__EXERCISE PROMPT__: Within the records that follow, find every line containing the string "clipPath". Copy those lines.

(TASK INPUTS begins)

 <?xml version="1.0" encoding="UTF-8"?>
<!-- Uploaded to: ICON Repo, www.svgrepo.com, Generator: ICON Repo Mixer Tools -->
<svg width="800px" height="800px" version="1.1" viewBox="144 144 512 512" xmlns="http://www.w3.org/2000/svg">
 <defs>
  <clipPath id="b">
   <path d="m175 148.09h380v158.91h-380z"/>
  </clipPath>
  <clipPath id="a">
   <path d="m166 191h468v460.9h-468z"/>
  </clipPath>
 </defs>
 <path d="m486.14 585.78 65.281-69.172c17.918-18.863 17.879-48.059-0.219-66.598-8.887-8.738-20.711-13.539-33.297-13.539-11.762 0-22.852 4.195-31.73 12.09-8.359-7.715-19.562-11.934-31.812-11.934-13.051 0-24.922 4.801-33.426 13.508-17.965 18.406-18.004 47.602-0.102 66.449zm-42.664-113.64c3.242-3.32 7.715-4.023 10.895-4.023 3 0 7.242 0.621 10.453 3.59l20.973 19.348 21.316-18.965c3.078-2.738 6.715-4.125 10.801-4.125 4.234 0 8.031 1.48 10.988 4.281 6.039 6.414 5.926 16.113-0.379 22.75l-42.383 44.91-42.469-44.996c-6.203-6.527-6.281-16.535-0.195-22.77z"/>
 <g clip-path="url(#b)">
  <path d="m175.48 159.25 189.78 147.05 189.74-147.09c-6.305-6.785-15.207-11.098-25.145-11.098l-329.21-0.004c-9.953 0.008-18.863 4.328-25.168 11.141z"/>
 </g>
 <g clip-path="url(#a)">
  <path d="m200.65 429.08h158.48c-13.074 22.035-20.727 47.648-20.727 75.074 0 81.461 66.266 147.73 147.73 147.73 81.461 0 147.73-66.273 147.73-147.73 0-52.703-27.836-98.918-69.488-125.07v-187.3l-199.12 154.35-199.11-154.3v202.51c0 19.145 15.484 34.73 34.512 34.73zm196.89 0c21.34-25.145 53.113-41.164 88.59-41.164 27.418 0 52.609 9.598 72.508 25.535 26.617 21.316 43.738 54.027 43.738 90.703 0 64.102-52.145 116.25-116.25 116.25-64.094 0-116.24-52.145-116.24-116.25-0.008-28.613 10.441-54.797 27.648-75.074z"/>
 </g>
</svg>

(TASK INPUTS ends)

__WRITTEN SOLUTION__:
  <clipPath id="b">
  </clipPath>
  <clipPath id="a">
  </clipPath>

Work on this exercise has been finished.